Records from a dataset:
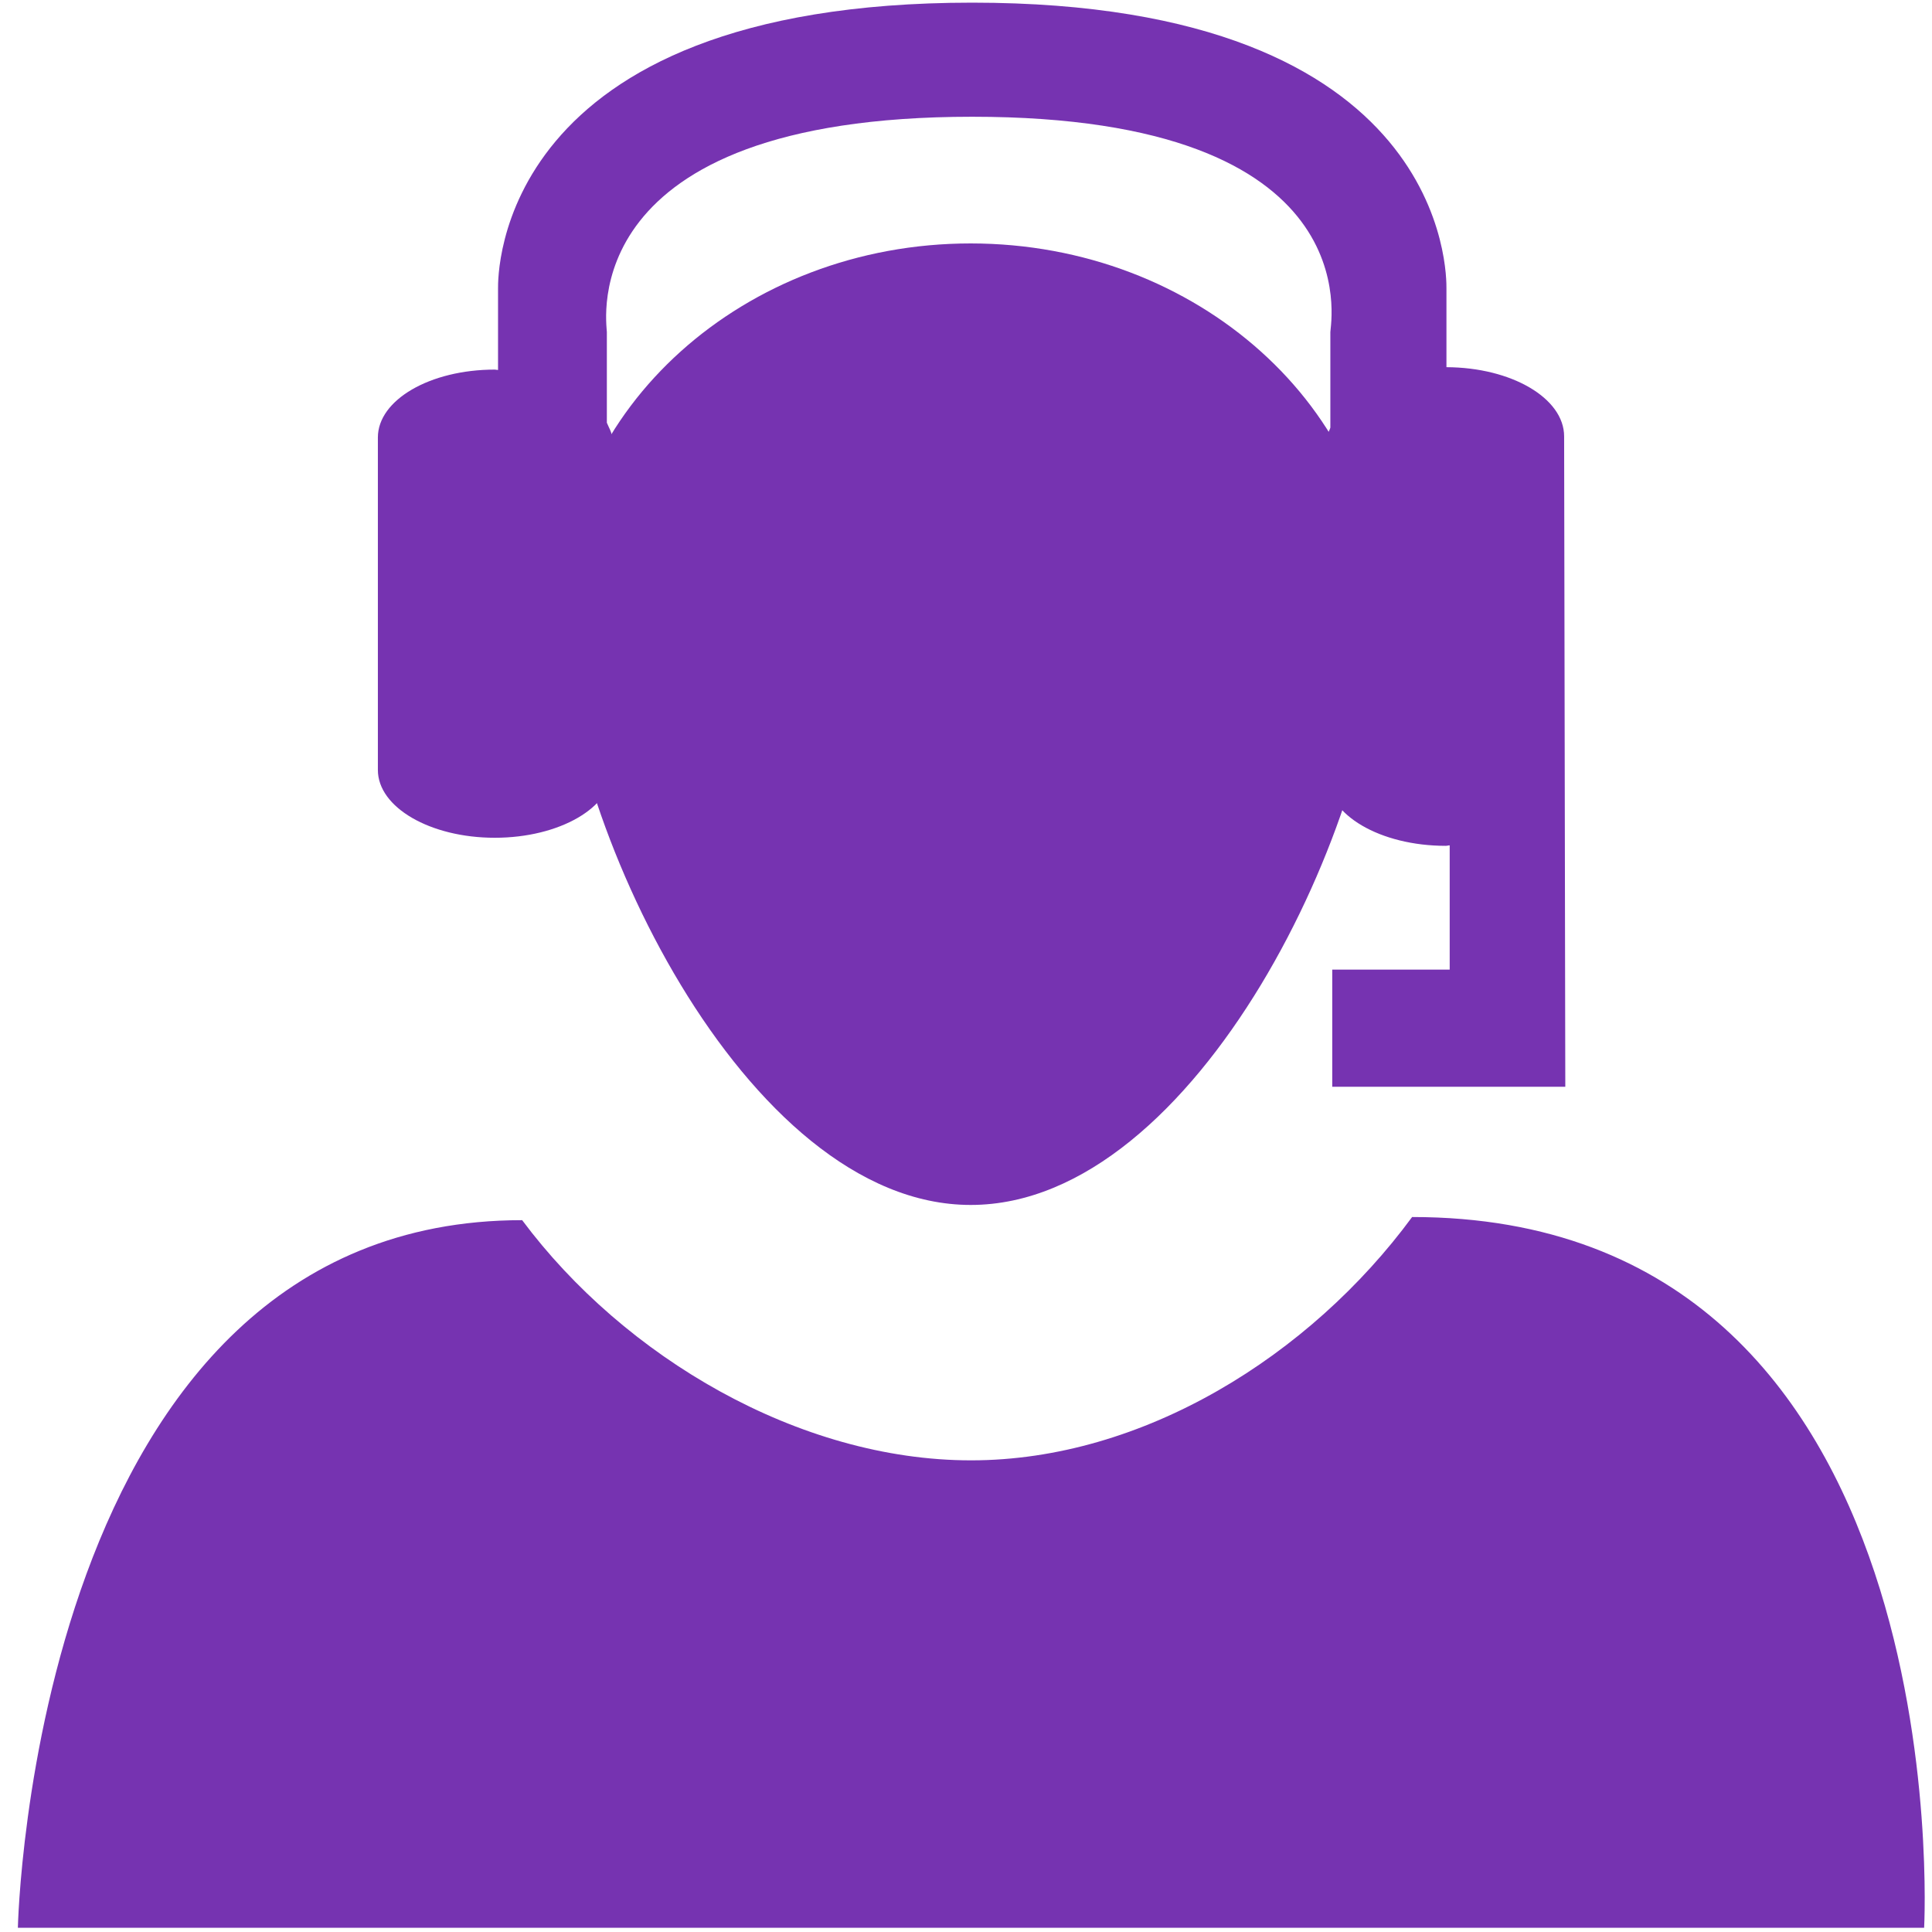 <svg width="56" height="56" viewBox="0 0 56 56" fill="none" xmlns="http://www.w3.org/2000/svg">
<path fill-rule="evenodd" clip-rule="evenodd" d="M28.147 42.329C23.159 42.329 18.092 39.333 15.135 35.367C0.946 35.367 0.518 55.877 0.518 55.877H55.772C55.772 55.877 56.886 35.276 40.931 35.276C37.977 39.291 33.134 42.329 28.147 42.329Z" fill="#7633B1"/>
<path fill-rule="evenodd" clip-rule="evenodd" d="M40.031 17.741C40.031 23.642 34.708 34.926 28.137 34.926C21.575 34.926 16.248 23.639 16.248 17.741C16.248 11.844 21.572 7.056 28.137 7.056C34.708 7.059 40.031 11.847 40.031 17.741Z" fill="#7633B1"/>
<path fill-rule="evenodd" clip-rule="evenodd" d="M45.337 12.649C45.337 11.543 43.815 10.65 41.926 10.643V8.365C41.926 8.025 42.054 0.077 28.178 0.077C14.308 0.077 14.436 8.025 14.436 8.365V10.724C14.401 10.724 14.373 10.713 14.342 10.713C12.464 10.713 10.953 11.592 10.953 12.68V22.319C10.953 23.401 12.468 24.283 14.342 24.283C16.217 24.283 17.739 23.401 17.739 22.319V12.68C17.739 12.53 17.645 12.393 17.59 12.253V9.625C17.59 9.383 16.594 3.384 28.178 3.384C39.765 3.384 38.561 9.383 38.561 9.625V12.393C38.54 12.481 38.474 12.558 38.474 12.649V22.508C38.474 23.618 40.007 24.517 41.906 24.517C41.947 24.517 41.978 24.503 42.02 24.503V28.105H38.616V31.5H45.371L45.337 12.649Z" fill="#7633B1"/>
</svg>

About this task:
For each line above that holds the string "clip", provide a copy of that line.

The completed task:
<path fill-rule="evenodd" clip-rule="evenodd" d="M28.147 42.329C23.159 42.329 18.092 39.333 15.135 35.367C0.946 35.367 0.518 55.877 0.518 55.877H55.772C55.772 55.877 56.886 35.276 40.931 35.276C37.977 39.291 33.134 42.329 28.147 42.329Z" fill="#7633B1"/>
<path fill-rule="evenodd" clip-rule="evenodd" d="M40.031 17.741C40.031 23.642 34.708 34.926 28.137 34.926C21.575 34.926 16.248 23.639 16.248 17.741C16.248 11.844 21.572 7.056 28.137 7.056C34.708 7.059 40.031 11.847 40.031 17.741Z" fill="#7633B1"/>
<path fill-rule="evenodd" clip-rule="evenodd" d="M45.337 12.649C45.337 11.543 43.815 10.65 41.926 10.643V8.365C41.926 8.025 42.054 0.077 28.178 0.077C14.308 0.077 14.436 8.025 14.436 8.365V10.724C14.401 10.724 14.373 10.713 14.342 10.713C12.464 10.713 10.953 11.592 10.953 12.68V22.319C10.953 23.401 12.468 24.283 14.342 24.283C16.217 24.283 17.739 23.401 17.739 22.319V12.68C17.739 12.53 17.645 12.393 17.59 12.253V9.625C17.59 9.383 16.594 3.384 28.178 3.384C39.765 3.384 38.561 9.383 38.561 9.625V12.393C38.54 12.481 38.474 12.558 38.474 12.649V22.508C38.474 23.618 40.007 24.517 41.906 24.517C41.947 24.517 41.978 24.503 42.02 24.503V28.105H38.616V31.5H45.371L45.337 12.649Z" fill="#7633B1"/>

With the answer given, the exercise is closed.